▸ **EXERCISE AIM**: Retype exactly the lines from the one holding "སྲེག་པར་བྱེད་པ། རྡོ་རྗེའི་ཆེད་དུ། རྡོ་རྗེ་སེམས་དཔའི།" through the final line of the data, both included.

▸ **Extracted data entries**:
------
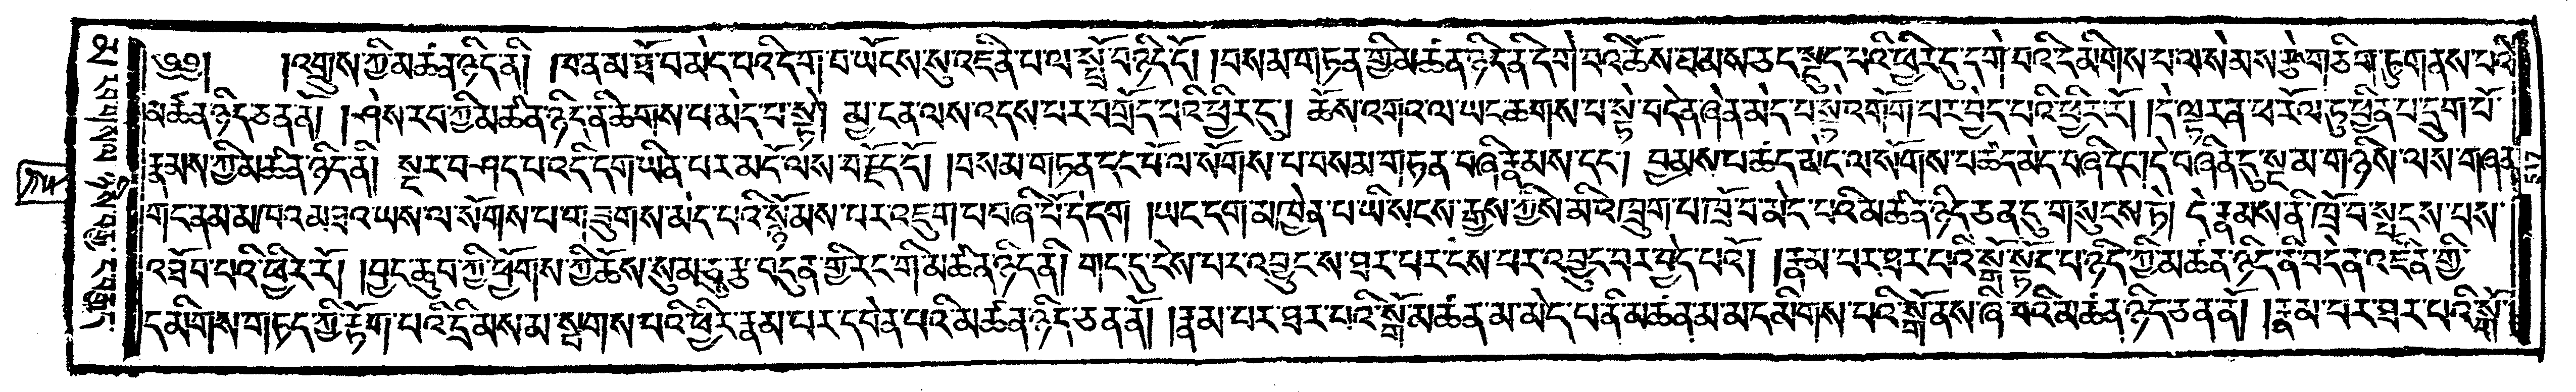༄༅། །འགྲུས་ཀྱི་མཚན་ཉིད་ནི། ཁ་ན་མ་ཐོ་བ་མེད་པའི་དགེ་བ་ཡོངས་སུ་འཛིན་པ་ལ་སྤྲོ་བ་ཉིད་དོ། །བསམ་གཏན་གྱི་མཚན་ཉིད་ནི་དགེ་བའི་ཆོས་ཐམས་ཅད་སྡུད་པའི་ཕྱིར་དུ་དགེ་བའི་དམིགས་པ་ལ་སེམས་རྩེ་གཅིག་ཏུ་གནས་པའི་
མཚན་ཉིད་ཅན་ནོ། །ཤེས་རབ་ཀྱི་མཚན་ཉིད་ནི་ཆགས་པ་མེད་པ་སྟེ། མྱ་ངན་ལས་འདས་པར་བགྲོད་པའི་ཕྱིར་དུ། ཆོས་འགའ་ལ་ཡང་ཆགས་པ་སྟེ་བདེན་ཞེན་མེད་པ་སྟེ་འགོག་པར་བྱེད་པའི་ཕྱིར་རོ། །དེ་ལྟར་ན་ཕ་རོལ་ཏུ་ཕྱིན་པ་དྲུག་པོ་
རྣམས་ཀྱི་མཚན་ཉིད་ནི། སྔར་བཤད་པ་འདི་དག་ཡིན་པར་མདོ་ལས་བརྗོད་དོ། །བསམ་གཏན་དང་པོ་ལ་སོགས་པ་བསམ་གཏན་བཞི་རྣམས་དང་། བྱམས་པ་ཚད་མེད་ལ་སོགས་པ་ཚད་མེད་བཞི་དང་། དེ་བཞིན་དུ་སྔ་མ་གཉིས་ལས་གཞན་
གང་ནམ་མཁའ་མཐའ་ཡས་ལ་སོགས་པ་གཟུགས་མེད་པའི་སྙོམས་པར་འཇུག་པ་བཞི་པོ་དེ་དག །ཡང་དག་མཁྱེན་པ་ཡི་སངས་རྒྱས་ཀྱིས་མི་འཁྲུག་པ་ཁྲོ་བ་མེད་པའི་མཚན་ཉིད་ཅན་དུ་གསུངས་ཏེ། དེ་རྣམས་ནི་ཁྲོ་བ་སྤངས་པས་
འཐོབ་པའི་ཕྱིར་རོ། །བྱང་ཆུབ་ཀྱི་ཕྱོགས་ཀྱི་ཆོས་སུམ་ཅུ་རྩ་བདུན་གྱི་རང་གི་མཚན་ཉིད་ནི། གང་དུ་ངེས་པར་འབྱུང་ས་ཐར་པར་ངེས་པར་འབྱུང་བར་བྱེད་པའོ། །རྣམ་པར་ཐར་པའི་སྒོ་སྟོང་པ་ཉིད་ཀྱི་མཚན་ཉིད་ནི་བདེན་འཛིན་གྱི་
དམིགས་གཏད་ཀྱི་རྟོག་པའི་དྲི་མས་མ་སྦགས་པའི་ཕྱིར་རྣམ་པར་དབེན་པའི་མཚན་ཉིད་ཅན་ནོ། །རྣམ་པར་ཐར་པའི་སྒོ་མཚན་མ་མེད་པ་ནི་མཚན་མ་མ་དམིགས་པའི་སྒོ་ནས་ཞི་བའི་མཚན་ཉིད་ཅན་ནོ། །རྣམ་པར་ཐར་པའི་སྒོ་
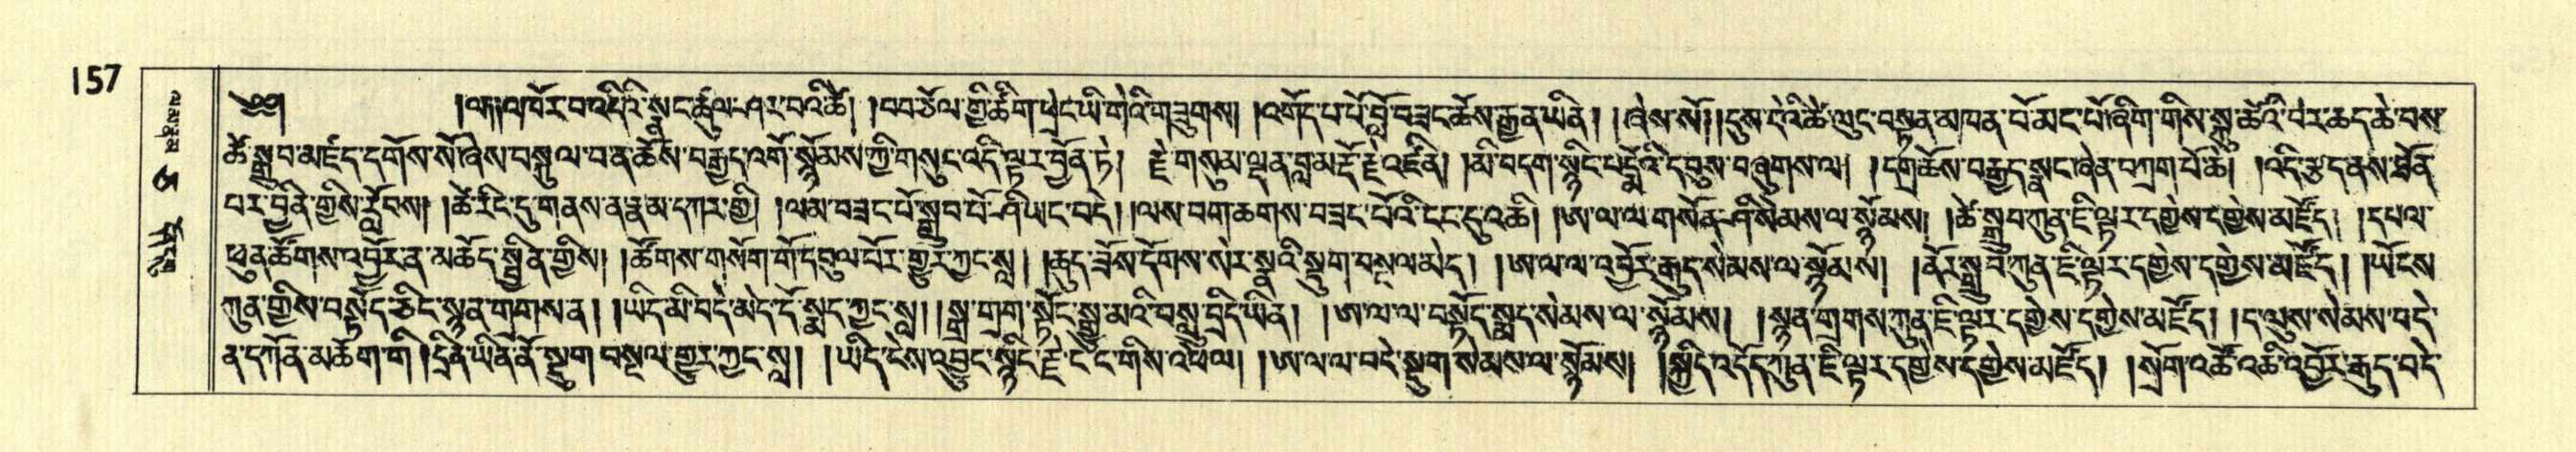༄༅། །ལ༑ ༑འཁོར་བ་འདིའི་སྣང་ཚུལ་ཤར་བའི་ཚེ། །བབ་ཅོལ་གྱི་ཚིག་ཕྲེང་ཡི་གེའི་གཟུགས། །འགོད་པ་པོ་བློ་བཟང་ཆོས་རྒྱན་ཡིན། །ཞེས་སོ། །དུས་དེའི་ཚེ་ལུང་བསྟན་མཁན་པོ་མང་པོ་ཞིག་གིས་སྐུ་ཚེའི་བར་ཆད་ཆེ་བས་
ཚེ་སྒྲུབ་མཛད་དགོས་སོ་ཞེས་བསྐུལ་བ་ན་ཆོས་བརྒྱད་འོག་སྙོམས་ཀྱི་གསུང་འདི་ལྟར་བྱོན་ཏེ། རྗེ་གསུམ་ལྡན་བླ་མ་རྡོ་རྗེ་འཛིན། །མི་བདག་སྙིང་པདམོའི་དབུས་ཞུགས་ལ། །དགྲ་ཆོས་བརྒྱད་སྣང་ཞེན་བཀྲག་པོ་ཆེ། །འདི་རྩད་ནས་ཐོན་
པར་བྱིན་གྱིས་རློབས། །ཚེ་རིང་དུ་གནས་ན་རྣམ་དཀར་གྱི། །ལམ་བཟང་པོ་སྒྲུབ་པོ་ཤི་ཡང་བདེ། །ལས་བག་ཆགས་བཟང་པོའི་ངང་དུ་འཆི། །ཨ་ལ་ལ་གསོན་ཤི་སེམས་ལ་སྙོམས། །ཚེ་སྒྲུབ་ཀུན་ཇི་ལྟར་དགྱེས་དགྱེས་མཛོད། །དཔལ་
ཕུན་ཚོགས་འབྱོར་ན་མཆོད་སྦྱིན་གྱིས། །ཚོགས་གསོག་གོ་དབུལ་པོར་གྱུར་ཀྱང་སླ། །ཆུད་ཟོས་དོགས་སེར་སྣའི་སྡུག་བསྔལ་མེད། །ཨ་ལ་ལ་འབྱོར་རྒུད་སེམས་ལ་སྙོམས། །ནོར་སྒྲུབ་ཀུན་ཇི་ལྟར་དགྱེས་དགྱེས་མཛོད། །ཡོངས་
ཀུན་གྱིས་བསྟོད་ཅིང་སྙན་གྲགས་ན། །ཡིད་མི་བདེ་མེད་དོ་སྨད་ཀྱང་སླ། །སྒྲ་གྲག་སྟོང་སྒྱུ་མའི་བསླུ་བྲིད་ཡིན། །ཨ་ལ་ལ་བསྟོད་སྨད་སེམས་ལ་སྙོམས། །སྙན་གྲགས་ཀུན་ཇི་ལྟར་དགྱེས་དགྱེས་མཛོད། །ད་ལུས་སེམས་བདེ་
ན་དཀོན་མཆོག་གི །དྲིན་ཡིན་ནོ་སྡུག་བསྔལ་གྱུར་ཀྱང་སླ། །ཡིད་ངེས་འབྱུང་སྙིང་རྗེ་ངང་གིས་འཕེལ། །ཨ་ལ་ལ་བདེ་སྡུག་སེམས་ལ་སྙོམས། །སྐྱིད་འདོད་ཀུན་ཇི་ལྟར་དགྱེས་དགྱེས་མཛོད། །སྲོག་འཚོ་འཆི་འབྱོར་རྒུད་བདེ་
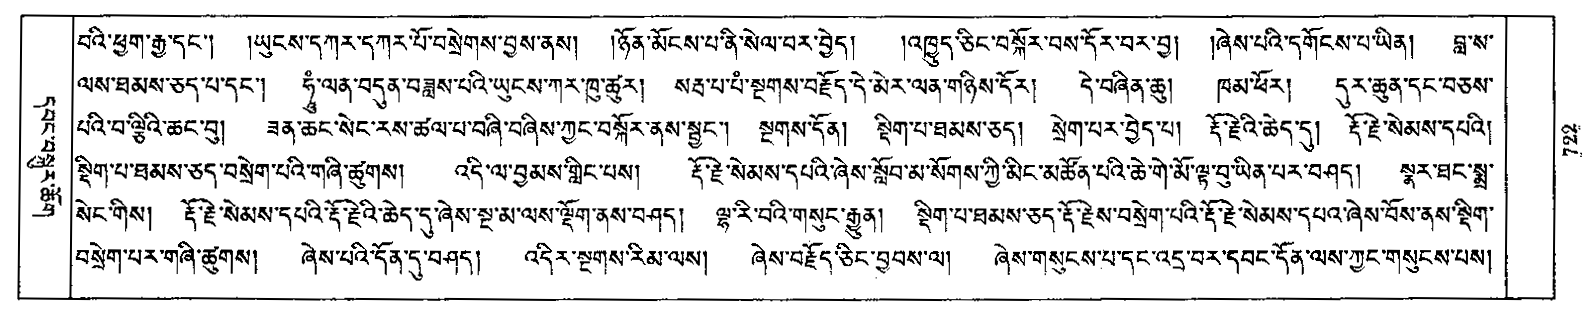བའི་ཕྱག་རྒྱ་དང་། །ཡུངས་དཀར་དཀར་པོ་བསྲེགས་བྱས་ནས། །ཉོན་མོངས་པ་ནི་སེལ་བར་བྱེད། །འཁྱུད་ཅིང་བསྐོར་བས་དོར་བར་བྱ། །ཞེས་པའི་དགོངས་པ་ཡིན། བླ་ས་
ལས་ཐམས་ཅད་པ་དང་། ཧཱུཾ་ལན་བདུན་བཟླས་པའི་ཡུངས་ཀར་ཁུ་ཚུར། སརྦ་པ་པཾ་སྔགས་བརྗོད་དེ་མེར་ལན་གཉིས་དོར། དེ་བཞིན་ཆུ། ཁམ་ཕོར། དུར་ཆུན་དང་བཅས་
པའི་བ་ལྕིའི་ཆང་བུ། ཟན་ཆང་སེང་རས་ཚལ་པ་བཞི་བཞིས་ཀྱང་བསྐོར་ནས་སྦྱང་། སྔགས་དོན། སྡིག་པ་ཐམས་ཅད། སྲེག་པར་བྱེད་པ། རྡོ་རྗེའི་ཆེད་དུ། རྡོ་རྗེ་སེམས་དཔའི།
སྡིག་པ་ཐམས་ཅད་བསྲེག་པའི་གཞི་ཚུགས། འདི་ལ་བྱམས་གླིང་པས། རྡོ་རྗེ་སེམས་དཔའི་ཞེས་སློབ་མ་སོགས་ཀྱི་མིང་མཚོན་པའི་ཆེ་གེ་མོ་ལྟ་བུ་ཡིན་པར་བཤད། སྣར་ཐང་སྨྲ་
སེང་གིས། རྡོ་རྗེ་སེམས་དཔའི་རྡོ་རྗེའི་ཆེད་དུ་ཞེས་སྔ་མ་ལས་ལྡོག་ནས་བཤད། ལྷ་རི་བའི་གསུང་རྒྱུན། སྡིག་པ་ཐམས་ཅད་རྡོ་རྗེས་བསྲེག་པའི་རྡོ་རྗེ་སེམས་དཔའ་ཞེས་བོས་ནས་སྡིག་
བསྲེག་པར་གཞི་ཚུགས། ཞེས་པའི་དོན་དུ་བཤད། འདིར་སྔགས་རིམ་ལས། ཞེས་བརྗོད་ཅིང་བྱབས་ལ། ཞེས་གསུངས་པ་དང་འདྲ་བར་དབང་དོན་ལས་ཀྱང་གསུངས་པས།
------
▸ **RESPONSE**:
པའི་བ་ལྕིའི་ཆང་བུ། ཟན་ཆང་སེང་རས་ཚལ་པ་བཞི་བཞིས་ཀྱང་བསྐོར་ནས་སྦྱང་། སྔགས་དོན། སྡིག་པ་ཐམས་ཅད། སྲེག་པར་བྱེད་པ། རྡོ་རྗེའི་ཆེད་དུ། རྡོ་རྗེ་སེམས་དཔའི།
སྡིག་པ་ཐམས་ཅད་བསྲེག་པའི་གཞི་ཚུགས། འདི་ལ་བྱམས་གླིང་པས། རྡོ་རྗེ་སེམས་དཔའི་ཞེས་སློབ་མ་སོགས་ཀྱི་མིང་མཚོན་པའི་ཆེ་གེ་མོ་ལྟ་བུ་ཡིན་པར་བཤད། སྣར་ཐང་སྨྲ་
སེང་གིས། རྡོ་རྗེ་སེམས་དཔའི་རྡོ་རྗེའི་ཆེད་དུ་ཞེས་སྔ་མ་ལས་ལྡོག་ནས་བཤད། ལྷ་རི་བའི་གསུང་རྒྱུན། སྡིག་པ་ཐམས་ཅད་རྡོ་རྗེས་བསྲེག་པའི་རྡོ་རྗེ་སེམས་དཔའ་ཞེས་བོས་ནས་སྡིག་
བསྲེག་པར་གཞི་ཚུགས། ཞེས་པའི་དོན་དུ་བཤད། འདིར་སྔགས་རིམ་ལས། ཞེས་བརྗོད་ཅིང་བྱབས་ལ། ཞེས་གསུངས་པ་དང་འདྲ་བར་དབང་དོན་ལས་ཀྱང་གསུངས་པས།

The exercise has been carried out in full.